Best Machine Learning Development Companies

DataRoot Labs vs 10Pearls: full comparison for 2026

Last updated: July 2026

Quick verdict

DataRoot Labs (3.8/5) edges ahead of 10Pearls (3.8/5) overall. DataRoot Labs is the better choice for startups and scale-ups needing AI strategy alongside execution, with accessible starting budgets and a boutique consultancy approach. 10Pearls is the stronger option for uS-based enterprises and government contractors needing AI-native delivery teams with North American proximity, government sector experience, and LATAM delivery capacity.
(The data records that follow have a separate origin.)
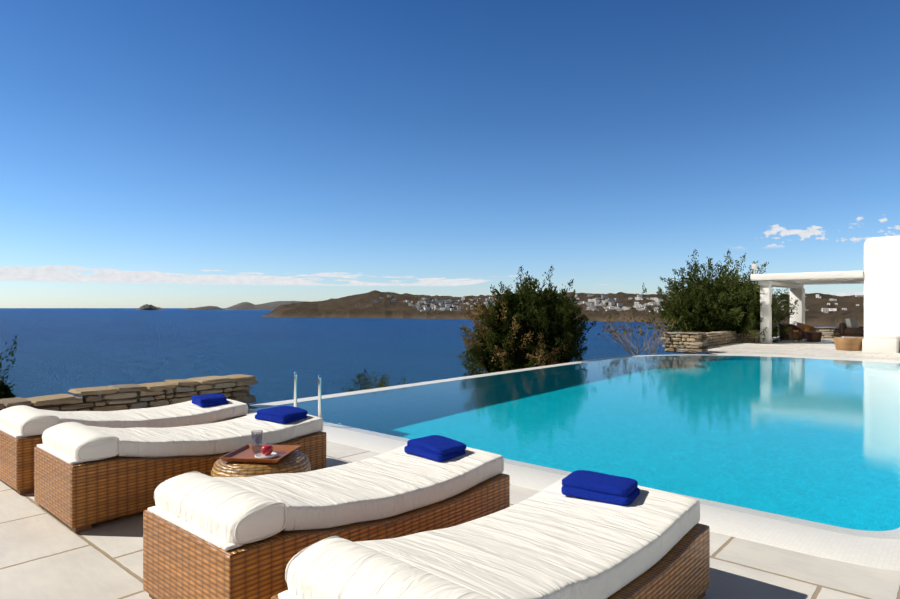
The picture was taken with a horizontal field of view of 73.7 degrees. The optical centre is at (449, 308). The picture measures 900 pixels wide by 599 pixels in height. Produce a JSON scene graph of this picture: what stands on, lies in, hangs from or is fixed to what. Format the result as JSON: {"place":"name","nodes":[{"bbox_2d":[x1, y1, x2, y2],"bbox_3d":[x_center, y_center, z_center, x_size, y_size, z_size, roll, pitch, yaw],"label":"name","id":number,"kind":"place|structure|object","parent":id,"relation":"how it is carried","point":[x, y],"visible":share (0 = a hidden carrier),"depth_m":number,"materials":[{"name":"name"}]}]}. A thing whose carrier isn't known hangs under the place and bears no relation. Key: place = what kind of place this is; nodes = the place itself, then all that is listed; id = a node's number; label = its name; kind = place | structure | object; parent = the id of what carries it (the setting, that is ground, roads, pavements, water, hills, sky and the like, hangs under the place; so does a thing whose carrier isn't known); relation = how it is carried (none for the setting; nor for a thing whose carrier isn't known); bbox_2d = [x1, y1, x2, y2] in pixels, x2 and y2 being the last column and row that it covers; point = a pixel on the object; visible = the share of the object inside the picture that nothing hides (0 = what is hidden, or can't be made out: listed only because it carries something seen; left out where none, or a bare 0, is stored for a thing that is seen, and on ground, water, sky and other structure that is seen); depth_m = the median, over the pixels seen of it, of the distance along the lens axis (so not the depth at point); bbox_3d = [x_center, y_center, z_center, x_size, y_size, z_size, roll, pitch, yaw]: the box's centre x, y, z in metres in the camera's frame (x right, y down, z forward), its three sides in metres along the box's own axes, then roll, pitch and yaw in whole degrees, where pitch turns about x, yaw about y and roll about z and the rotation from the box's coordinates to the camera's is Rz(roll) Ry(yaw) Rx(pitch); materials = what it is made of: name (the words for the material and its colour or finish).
{"place":"outdoors","nodes":[
{"label":"outdoors","id":0,"kind":"place"},
{"bbox_2d":[184,306,222,309],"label":"island","id":1,"kind":"structure","parent":0,"point":[208,308],"depth_m":7782.86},
{"bbox_2d":[223,301,305,309],"bbox_3d":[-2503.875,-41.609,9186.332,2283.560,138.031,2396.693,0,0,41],"label":"headland","id":2,"kind":"structure","parent":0,"point":[264,306],"depth_m":8537.17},
{"bbox_2d":[294,372,323,424],"bbox_3d":[-1.640,1.706,7.488,0.590,1.800,0.425,0,0,41],"label":"pool ladder","id":3,"kind":"object","parent":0,"point":[319,393],"visible":0.29,"depth_m":7.18,"materials":[{"name":"silver metal"}]},
{"bbox_2d":[0,308,826,404],"bbox_3d":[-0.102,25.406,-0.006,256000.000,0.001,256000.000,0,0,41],"label":"sea","id":4,"kind":"structure","parent":0,"point":[61,350],"depth_m":376.86,"materials":[{"name":"liquid"}]},
{"bbox_2d":[137,304,162,309],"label":"island rock","id":5,"kind":"object","parent":4,"relation":"in","point":[147,307],"visible":0.9,"depth_m":7081.78,"materials":[{"name":"grey stone"}]},
{"bbox_2d":[0,336,899,598],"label":"terrace paving","id":6,"kind":"structure","parent":0,"point":[45,553],"depth_m":3.33,"materials":[{"name":"stone"}]},
{"bbox_2d":[0,394,247,494],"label":"lounger","id":7,"kind":"object","parent":6,"relation":"on","point":[23,428],"visible":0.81,"depth_m":4.96,"materials":[{"name":"fabric"}]},
{"bbox_2d":[0,374,257,410],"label":"stone wall","id":8,"kind":"structure","parent":6,"relation":"on","point":[236,387],"depth_m":7.38,"materials":[{"name":"beige stone"}]},
{"bbox_2d":[34,406,325,533],"bbox_3d":[-2.003,1.114,4.707,0.820,0.585,1.935,0,0,42],"label":"lounger","id":9,"kind":"object","parent":6,"relation":"on","point":[85,477],"visible":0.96,"depth_m":4.08,"materials":[{"name":"wicker"}]},
{"bbox_2d":[211,430,310,476],"bbox_3d":[-1.300,1.130,4.146,0.670,0.552,0.670,0,0,29],"label":"side table","id":10,"kind":"object","parent":6,"relation":"on","point":[257,458],"visible":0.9,"depth_m":4.00,"materials":[{"name":"wicker"}]},
{"bbox_2d":[143,435,509,598],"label":"lounger","id":11,"kind":"object","parent":6,"relation":"on","point":[210,537],"visible":0.96,"depth_m":2.85,"materials":[{"name":"fabric"}]},
{"bbox_2d":[271,470,709,598],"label":"lounger","id":12,"kind":"object","parent":6,"relation":"on","point":[581,534],"visible":1,"depth_m":2.38,"materials":[{"name":"fabric"}]},
{"bbox_2d":[660,332,709,352],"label":"stone wall","id":13,"kind":"structure","parent":6,"relation":"on","point":[684,342],"depth_m":19.11,"materials":[{"name":"beige stone"}]},
{"bbox_2d":[700,331,736,346],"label":"stone wall","id":14,"kind":"structure","parent":6,"relation":"on","point":[721,337],"depth_m":23.07,"materials":[{"name":"beige stone"}]},
{"bbox_2d":[779,323,800,341],"bbox_3d":[14.364,1.016,25.354,0.949,0.780,0.834,0,0,-39],"label":"armchair","id":15,"kind":"object","parent":6,"relation":"on","point":[794,334],"visible":0.81,"depth_m":25.05,"materials":[{"name":"wicker"}]},
{"bbox_2d":[796,322,816,339],"bbox_3d":[15.680,1.016,26.322,0.834,0.780,0.949,0,0,26],"label":"armchair","id":16,"kind":"object","parent":6,"relation":"on","point":[804,328],"visible":0.65,"depth_m":26.02,"materials":[{"name":"orange wicker"}]},
{"bbox_2d":[750,264,863,343],"bbox_3d":[15.498,-0.159,25.155,3.750,3.230,6.240,0,0,41],"label":"pergola","id":17,"kind":"object","parent":6,"relation":"on","point":[795,283],"visible":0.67,"depth_m":23.93,"materials":[{"name":"white paint"}]},
{"bbox_2d":[777,327,838,337],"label":"garden stone wall","id":18,"kind":"structure","parent":6,"relation":"on","point":[830,332],"depth_m":28.39,"materials":[{"name":"beige stone"}]},
{"bbox_2d":[806,332,821,341],"bbox_3d":[15.234,1.206,25.120,0.600,0.400,0.600,0,0,41],"label":"table","id":19,"kind":"object","parent":6,"relation":"on","point":[813,336],"visible":1,"depth_m":24.90,"materials":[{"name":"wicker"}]},
{"bbox_2d":[833,336,862,350],"bbox_3d":[13.298,1.181,20.034,0.840,0.450,0.840,0,0,41],"label":"table","id":20,"kind":"object","parent":6,"relation":"on","point":[843,343],"visible":1,"depth_m":19.73,"materials":[{"name":"beige wicker"}]},
{"bbox_2d":[839,318,863,336],"bbox_3d":[16.682,0.891,24.647,0.900,0.930,2.100,0,0,41],"label":"sofa","id":21,"kind":"object","parent":6,"relation":"on","point":[849,328],"visible":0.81,"depth_m":24.06,"materials":[{"name":"wicker"}]},
{"bbox_2d":[862,236,899,352],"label":"wall","id":22,"kind":"structure","parent":6,"relation":"on","point":[882,294],"depth_m":21.04,"materials":[{"name":"white paint"}]},
{"bbox_2d":[0,0,899,307],"label":"sky","id":23,"kind":"structure","parent":0,"point":[157,153],"materials":[{"name":"blue"}]},
{"bbox_2d":[248,354,718,408],"bbox_3d":[2.639,2.162,13.461,2.192,1.489,14.458,0,0,41],"label":"pool edge","id":24,"kind":"object","parent":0,"point":[376,389],"visible":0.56,"depth_m":11.27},
{"bbox_2d":[262,290,863,326],"bbox_3d":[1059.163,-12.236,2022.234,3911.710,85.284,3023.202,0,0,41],"label":"coast terrain","id":25,"kind":"structure","parent":0,"point":[363,305],"depth_m":1498.55,"materials":[{"name":"brown soil"}]},
{"bbox_2d":[374,294,862,312],"bbox_3d":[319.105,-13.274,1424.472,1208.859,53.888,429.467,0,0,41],"label":"village houses","id":26,"kind":"structure","parent":25,"relation":"on","point":[610,301],"depth_m":1434.60,"materials":[{"name":"white"}]},
{"bbox_2d":[247,353,899,570],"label":"pool coping","id":27,"kind":"object","parent":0,"point":[878,553],"visible":0.54,"depth_m":3.80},
{"bbox_2d":[737,330,760,342],"bbox_3d":[12.090,1.158,24.583,1.656,0.536,0.464,0,0,41],"label":"shrub","id":28,"kind":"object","parent":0,"point":[748,338],"depth_m":24.31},
{"bbox_3d":[4.912,2.179,11.693,7.300,1.455,14.800,0,0,41],"label":"pool","id":29,"kind":"object","parent":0,"visible":0},
{"bbox_2d":[250,355,899,538],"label":"pool water","id":30,"kind":"structure","parent":29,"relation":"in","point":[812,442],"depth_m":7.32,"materials":[{"name":"teal liquid"}]},
{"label":"ground","id":31,"kind":"structure","parent":0,"visible":0},
{"bbox_2d":[0,335,16,398],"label":"bush","id":32,"kind":"object","parent":31,"relation":"on","point":[5,391],"visible":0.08,"depth_m":7.58,"materials":[{"name":"green plant"}]},
{"bbox_2d":[341,368,405,391],"bbox_3d":[-1.497,1.913,11.570,1.381,1.531,1.684,0,0,-10],"label":"bush","id":33,"kind":"object","parent":31,"relation":"on","point":[379,385],"visible":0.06,"depth_m":11.46,"materials":[{"name":"green plant"}]},
{"bbox_2d":[457,265,595,375],"bbox_3d":[2.214,1.056,17.536,3.990,4.565,4.060,0,0,41],"label":"bush","id":34,"kind":"object","parent":31,"relation":"on","point":[526,325],"visible":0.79,"depth_m":16.46,"materials":[{"name":"green plant"}]},
{"bbox_2d":[598,314,677,355],"bbox_3d":[6.380,1.108,20.599,2.554,1.826,2.820,0,0,9],"label":"dry shrub","id":35,"kind":"object","parent":31,"relation":"on","point":[625,332],"visible":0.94,"depth_m":20.48,"materials":[{"name":"brown plant"}]},
{"bbox_2d":[640,249,798,354],"bbox_3d":[11.658,-0.021,25.917,5.884,5.037,5.993,0,0,41],"label":"tamarisk tree","id":36,"kind":"object","parent":31,"relation":"on","point":[729,301],"visible":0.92,"depth_m":24.77,"materials":[{"name":"green plant"}]},
{"bbox_2d":[772,325,778,336],"bbox_3d":[17.159,2.580,30.910,3.960,3.365,3.270,0,0,41],"label":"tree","id":37,"kind":"object","parent":31,"relation":"on","point":[775,334],"depth_m":30.66,"materials":[{"name":"green plant"}]}
]}

The right choice depends on your project size, budget, and required tech stack.

DataRoot Labs vs 10Pearls: head-to-head summary

Criterion DataRoot Labs 10Pearls
Founded 2016 2004
HQ Kyiv, Ukraine Vienna, VA, USA
Team size 50–100 1,400+
Rating 3.8 / 5 3.8 / 5
Best for Startups and scale-ups needing AI strategy alongside execution, with accessible starting budgets and a boutique consultancy approach US-based enterprises and government contractors needing AI-native delivery teams with North American proximity, government sector experience, and LATAM delivery capacity
Pricing model Fixed project, T&M, Retainer Fixed project, Dedicated team, T&M
Min. engagement $15K $30K
Primary tech stack Python, TensorFlow, PyTorch Python, TensorFlow, PyTorch
Industries served SaaS, fintech, media, healthcare, logistics healthcare, financial services, government, retail, logistics

DataRoot Labs vs 10Pearls: overview

DataRoot Labs

DataRoot Labs is a machine learning and AI consulting company headquartered in Kyiv, Ukraine. The company employs 50–100 professionals and is recognized as one of Ukraine's most trusted ML consultancies, combining strategic AI advisory with hands-on engineering execution. DataRoot Labs works with startups, scale-ups, and mid-market organizations needing to build or accelerate their ML capabilities, particularly in the Ukrainian and European tech ecosystems.

10Pearls

10Pearls is an AI-powered digital engineering company founded in 2004 and headquartered in Vienna, Virginia, in the Washington DC metro area. The company employs 1,400+ experts across North America, Latin America, Europe, and South Asia, and has been recognized four consecutive times on the CRN Solution Provider 500 list for enterprise AI delivery. 10Pearls serves enterprise and government clients in healthcare, financial services, and logistics with a focus on ML, cloud architecture, and cybersecurity-aware AI development.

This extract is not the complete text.